Directions: Your task is to transcribe the entries exactly.

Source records
.....

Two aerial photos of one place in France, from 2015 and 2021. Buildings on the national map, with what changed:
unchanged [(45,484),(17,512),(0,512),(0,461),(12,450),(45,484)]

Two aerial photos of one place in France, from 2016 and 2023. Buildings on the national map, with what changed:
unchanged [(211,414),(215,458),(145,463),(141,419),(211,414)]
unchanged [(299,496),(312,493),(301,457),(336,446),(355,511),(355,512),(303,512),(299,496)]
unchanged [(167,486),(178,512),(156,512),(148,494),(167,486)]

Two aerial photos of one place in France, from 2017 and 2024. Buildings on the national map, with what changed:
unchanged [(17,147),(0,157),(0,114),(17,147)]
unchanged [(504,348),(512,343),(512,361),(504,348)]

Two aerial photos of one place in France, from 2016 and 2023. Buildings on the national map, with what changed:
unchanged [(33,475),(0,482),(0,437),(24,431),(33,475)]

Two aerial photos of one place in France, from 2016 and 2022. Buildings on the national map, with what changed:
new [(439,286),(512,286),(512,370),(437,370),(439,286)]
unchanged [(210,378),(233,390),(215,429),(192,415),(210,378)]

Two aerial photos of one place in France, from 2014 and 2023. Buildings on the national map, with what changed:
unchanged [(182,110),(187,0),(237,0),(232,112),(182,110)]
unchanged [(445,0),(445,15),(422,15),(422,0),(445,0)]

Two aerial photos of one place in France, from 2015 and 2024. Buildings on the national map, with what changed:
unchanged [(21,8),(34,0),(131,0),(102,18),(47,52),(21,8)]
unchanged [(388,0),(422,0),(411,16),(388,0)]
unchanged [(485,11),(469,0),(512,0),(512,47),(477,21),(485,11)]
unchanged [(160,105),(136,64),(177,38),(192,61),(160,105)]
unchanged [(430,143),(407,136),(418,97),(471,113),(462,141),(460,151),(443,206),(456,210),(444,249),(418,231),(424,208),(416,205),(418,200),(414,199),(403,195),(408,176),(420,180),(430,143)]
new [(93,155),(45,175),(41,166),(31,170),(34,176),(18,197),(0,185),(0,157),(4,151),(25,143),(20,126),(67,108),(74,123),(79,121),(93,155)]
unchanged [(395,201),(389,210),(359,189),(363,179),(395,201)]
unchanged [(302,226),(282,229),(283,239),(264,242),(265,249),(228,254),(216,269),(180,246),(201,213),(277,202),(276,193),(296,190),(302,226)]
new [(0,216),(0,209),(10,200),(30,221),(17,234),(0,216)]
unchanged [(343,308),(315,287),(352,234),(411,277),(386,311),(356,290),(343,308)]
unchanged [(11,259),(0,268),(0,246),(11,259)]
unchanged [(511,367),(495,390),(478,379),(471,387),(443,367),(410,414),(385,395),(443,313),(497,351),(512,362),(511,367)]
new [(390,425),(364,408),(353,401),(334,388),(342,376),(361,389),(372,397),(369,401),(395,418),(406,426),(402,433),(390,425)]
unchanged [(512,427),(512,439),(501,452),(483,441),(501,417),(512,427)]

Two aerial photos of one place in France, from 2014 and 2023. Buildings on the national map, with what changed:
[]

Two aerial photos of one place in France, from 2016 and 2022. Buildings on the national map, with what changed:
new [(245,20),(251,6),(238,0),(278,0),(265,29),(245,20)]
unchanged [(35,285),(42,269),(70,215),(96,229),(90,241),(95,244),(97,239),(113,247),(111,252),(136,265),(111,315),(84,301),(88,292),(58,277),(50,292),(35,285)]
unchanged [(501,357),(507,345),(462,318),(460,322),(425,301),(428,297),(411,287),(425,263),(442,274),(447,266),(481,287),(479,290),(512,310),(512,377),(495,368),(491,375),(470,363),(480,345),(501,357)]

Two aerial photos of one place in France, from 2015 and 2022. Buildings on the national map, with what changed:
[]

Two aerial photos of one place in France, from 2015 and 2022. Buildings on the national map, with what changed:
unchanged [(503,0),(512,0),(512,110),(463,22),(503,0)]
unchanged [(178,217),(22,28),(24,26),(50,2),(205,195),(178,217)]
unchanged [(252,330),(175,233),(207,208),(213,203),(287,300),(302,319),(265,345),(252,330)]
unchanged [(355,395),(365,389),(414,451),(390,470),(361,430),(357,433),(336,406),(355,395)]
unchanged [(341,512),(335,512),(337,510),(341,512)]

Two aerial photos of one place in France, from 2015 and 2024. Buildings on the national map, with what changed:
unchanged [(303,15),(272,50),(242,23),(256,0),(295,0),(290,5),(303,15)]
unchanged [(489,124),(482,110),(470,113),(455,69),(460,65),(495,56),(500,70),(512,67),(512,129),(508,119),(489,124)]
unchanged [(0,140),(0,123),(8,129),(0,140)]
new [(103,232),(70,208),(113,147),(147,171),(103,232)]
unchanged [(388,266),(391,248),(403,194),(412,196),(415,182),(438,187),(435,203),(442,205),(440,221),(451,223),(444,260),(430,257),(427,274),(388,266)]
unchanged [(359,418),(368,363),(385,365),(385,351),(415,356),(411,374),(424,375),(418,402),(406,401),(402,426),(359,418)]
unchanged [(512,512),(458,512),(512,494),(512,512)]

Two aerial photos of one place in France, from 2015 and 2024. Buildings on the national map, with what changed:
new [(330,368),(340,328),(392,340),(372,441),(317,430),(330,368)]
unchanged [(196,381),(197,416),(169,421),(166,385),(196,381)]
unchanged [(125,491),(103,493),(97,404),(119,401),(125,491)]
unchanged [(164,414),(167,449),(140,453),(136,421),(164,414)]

.....

Answer section:
Two aerial photos of one place in France, from 2015 and 2021. Buildings on the national map, with what changed:
unchanged [(45,484),(17,512),(0,512),(0,461),(12,450),(45,484)]

Two aerial photos of one place in France, from 2016 and 2023. Buildings on the national map, with what changed:
unchanged [(211,414),(215,458),(145,463),(141,419),(211,414)]
unchanged [(299,496),(312,493),(301,457),(336,446),(355,511),(355,512),(303,512),(299,496)]
unchanged [(167,486),(178,512),(156,512),(148,494),(167,486)]

Two aerial photos of one place in France, from 2017 and 2024. Buildings on the national map, with what changed:
unchanged [(17,147),(0,157),(0,114),(17,147)]
unchanged [(504,348),(512,343),(512,361),(504,348)]

Two aerial photos of one place in France, from 2016 and 2023. Buildings on the national map, with what changed:
unchanged [(33,475),(0,482),(0,437),(24,431),(33,475)]

Two aerial photos of one place in France, from 2016 and 2022. Buildings on the national map, with what changed:
new [(439,286),(512,286),(512,370),(437,370),(439,286)]
unchanged [(210,378),(233,390),(215,429),(192,415),(210,378)]

Two aerial photos of one place in France, from 2014 and 2023. Buildings on the national map, with what changed:
unchanged [(182,110),(187,0),(237,0),(232,112),(182,110)]
unchanged [(445,0),(445,15),(422,15),(422,0),(445,0)]

Two aerial photos of one place in France, from 2015 and 2024. Buildings on the national map, with what changed:
unchanged [(21,8),(34,0),(131,0),(102,18),(47,52),(21,8)]
unchanged [(388,0),(422,0),(411,16),(388,0)]
unchanged [(485,11),(469,0),(512,0),(512,47),(477,21),(485,11)]
unchanged [(160,105),(136,64),(177,38),(192,61),(160,105)]
unchanged [(430,143),(407,136),(418,97),(471,113),(462,141),(460,151),(443,206),(456,210),(444,249),(418,231),(424,208),(416,205),(418,200),(414,199),(403,195),(408,176),(420,180),(430,143)]
new [(93,155),(45,175),(41,166),(31,170),(34,176),(18,197),(0,185),(0,157),(4,151),(25,143),(20,126),(67,108),(74,123),(79,121),(93,155)]
unchanged [(395,201),(389,210),(359,189),(363,179),(395,201)]
unchanged [(302,226),(282,229),(283,239),(264,242),(265,249),(228,254),(216,269),(180,246),(201,213),(277,202),(276,193),(296,190),(302,226)]
new [(0,216),(0,209),(10,200),(30,221),(17,234),(0,216)]
unchanged [(343,308),(315,287),(352,234),(411,277),(386,311),(356,290),(343,308)]
unchanged [(11,259),(0,268),(0,246),(11,259)]
unchanged [(511,367),(495,390),(478,379),(471,387),(443,367),(410,414),(385,395),(443,313),(497,351),(512,362),(511,367)]
new [(390,425),(364,408),(353,401),(334,388),(342,376),(361,389),(372,397),(369,401),(395,418),(406,426),(402,433),(390,425)]
unchanged [(512,427),(512,439),(501,452),(483,441),(501,417),(512,427)]

Two aerial photos of one place in France, from 2014 and 2023. Buildings on the national map, with what changed:
[]

Two aerial photos of one place in France, from 2016 and 2022. Buildings on the national map, with what changed:
new [(245,20),(251,6),(238,0),(278,0),(265,29),(245,20)]
unchanged [(35,285),(42,269),(70,215),(96,229),(90,241),(95,244),(97,239),(113,247),(111,252),(136,265),(111,315),(84,301),(88,292),(58,277),(50,292),(35,285)]
unchanged [(501,357),(507,345),(462,318),(460,322),(425,301),(428,297),(411,287),(425,263),(442,274),(447,266),(481,287),(479,290),(512,310),(512,377),(495,368),(491,375),(470,363),(480,345),(501,357)]

Two aerial photos of one place in France, from 2015 and 2022. Buildings on the national map, with what changed:
[]

Two aerial photos of one place in France, from 2015 and 2022. Buildings on the national map, with what changed:
unchanged [(503,0),(512,0),(512,110),(463,22),(503,0)]
unchanged [(178,217),(22,28),(24,26),(50,2),(205,195),(178,217)]
unchanged [(252,330),(175,233),(207,208),(213,203),(287,300),(302,319),(265,345),(252,330)]
unchanged [(355,395),(365,389),(414,451),(390,470),(361,430),(357,433),(336,406),(355,395)]
unchanged [(341,512),(335,512),(337,510),(341,512)]

Two aerial photos of one place in France, from 2015 and 2024. Buildings on the national map, with what changed:
unchanged [(303,15),(272,50),(242,23),(256,0),(295,0),(290,5),(303,15)]
unchanged [(489,124),(482,110),(470,113),(455,69),(460,65),(495,56),(500,70),(512,67),(512,129),(508,119),(489,124)]
unchanged [(0,140),(0,123),(8,129),(0,140)]
new [(103,232),(70,208),(113,147),(147,171),(103,232)]
unchanged [(388,266),(391,248),(403,194),(412,196),(415,182),(438,187),(435,203),(442,205),(440,221),(451,223),(444,260),(430,257),(427,274),(388,266)]
unchanged [(359,418),(368,363),(385,365),(385,351),(415,356),(411,374),(424,375),(418,402),(406,401),(402,426),(359,418)]
unchanged [(512,512),(458,512),(512,494),(512,512)]

Two aerial photos of one place in France, from 2015 and 2024. Buildings on the national map, with what changed:
new [(330,368),(340,328),(392,340),(372,441),(317,430),(330,368)]
unchanged [(196,381),(197,416),(169,421),(166,385),(196,381)]
unchanged [(125,491),(103,493),(97,404),(119,401),(125,491)]
unchanged [(164,414),(167,449),(140,453),(136,421),(164,414)]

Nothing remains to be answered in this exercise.